Background information
- Born: Richard Ernest May 22 November 1943 Onehunga, Auckland, New Zealand
- Died: 1 June 1988 (aged 44) Sydney, New South Wales, Australia
- Genres: Jazz; pop;
- Occupations: Singer; musician; TV host; host; entertainer;
- Instruments: Vocals; drums; piano;
- Years active: 1959–1988
- Labels: La Gloria; RCE; WEA; Festival; ABC;

= Ricky May =

Australian jazz singer (1943–1988)

Richard Ernest May (22 November 1943 – 1 June 1988) was a New Zealand–born Australian jazz singer and musician, best known for singing cover versions of numerous pop songs or jazz standards. He moved to Australia in 1962 where he worked mainly in theatre and cabaret and had TV appearances on The Don Lane Show, The Midday Show and Hey Hey It's Saturday, as well as taking over hosting from Mike Walsh on pop music show Ten on the Town

==Biography ==

May was born as Richard Ernest May in New Zealand in Onehunga, Auckland, of Māori descent. His father, Keith May, was a jazz band leader and played alto saxophone. May grew up with his siblings, and from the age of 15 he performed at Picasso, a café/nightclub in Auckland. Apart from vocals, May played drums and piano but generally worked as a variety entertainer. He would introduce unconventional vocalisations, improvisation, and the spoken word into performance.

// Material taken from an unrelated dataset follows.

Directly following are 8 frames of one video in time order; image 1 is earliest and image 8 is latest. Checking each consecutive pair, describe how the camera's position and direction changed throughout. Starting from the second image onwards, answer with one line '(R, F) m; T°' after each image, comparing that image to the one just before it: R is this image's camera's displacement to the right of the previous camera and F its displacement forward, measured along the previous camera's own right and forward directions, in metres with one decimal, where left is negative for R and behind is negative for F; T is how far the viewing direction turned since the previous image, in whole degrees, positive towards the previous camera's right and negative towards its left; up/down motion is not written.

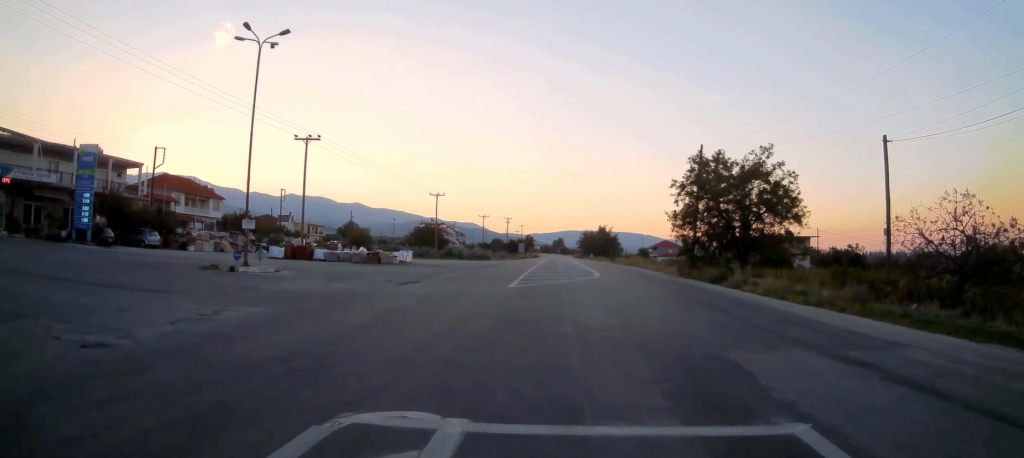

In 1961, jazz pianist Ronnie Smith set up a group to play at the Sorrento Club, Wellington. Smith's group had Tommy Tamati on bass guitar, and May joined on drums and backing vocals. May become a regular with the group and sometimes provided lead vocals. Bruno Lawrence, an English-born jazz musician who was regularly in the audience, often got up to play the drums when May sang lead. The group worked for about a year and toured southern North Island.

At the end of 1961, May returned to Auckland and signed with Harry M. Miller's La Gloria label, which released his debut single in 1961, a cover version of the Chubby Checker hit "Let's Twist Again". He followed with "I Could Have Danced All Night" from My Fair Lady in 1962. During that year, he relocated to Sydney and primarily worked in cabaret. He recorded compositions of Nat King Cole and appeared on Australian TV shows The Don Lane Show, Farnham and Byrne (co-hosted by John Farnham and Debra Byrne), and made regular appearances on The Midday Show.

In 1966, May released another single, "This Little Boy's Gone Rockin'", via RCA (Bluebird Records). From March of that year, he hosted the Sydney teen pop music TV series Ten on the Town on TEN-10. It ran in direct competition with Bandstand on TCN-9 and Col Joye on ATN-7. Walter Learning of The Canberra Times compared the three shows, which "vie for the younger audience" and found that "Bandstand must win hands down" as Col Joye "has no life" and May's show "suffers from over effort on the part of all concerned."

He issued no further recordings until 1973: a double album with the Julian Lee Orchestra, Fats Enough, on ABC records.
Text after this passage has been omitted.